PROBLEM STATEMENT:
From the line that includes "land use: Forestry" to the last line of the data, quote each line precisely; both boundary lines belong in the answer.

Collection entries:
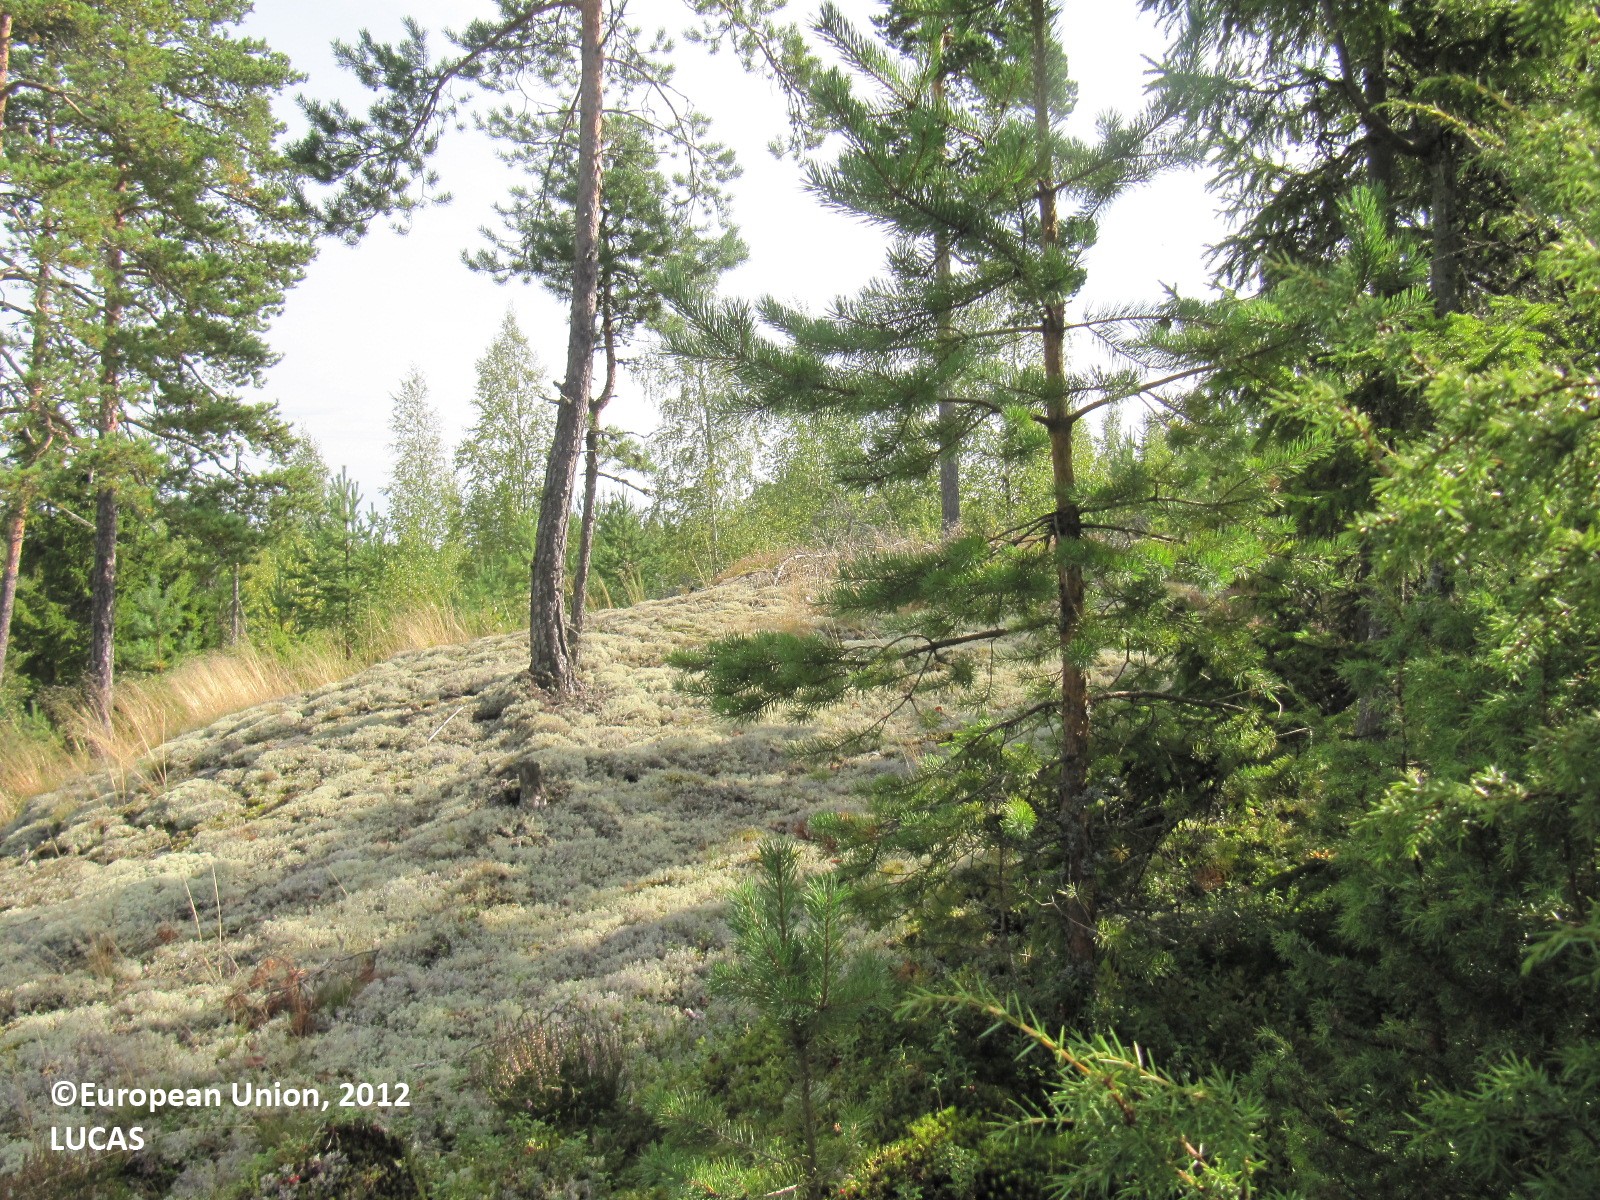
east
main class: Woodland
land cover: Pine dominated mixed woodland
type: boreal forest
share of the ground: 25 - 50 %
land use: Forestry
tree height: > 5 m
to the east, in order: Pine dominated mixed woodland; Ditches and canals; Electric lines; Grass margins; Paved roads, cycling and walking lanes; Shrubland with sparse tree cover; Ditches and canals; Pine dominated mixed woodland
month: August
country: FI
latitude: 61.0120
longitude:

WRITTEN ANSWER:
land use: Forestry
tree height: > 5 m
to the east, in order: Pine dominated mixed woodland; Ditches and canals; Electric lines; Grass margins; Paved roads, cycling and walking lanes; Shrubland with sparse tree cover; Ditches and canals; Pine dominated mixed woodland
month: August
country: FI
latitude: 61.0120
longitude:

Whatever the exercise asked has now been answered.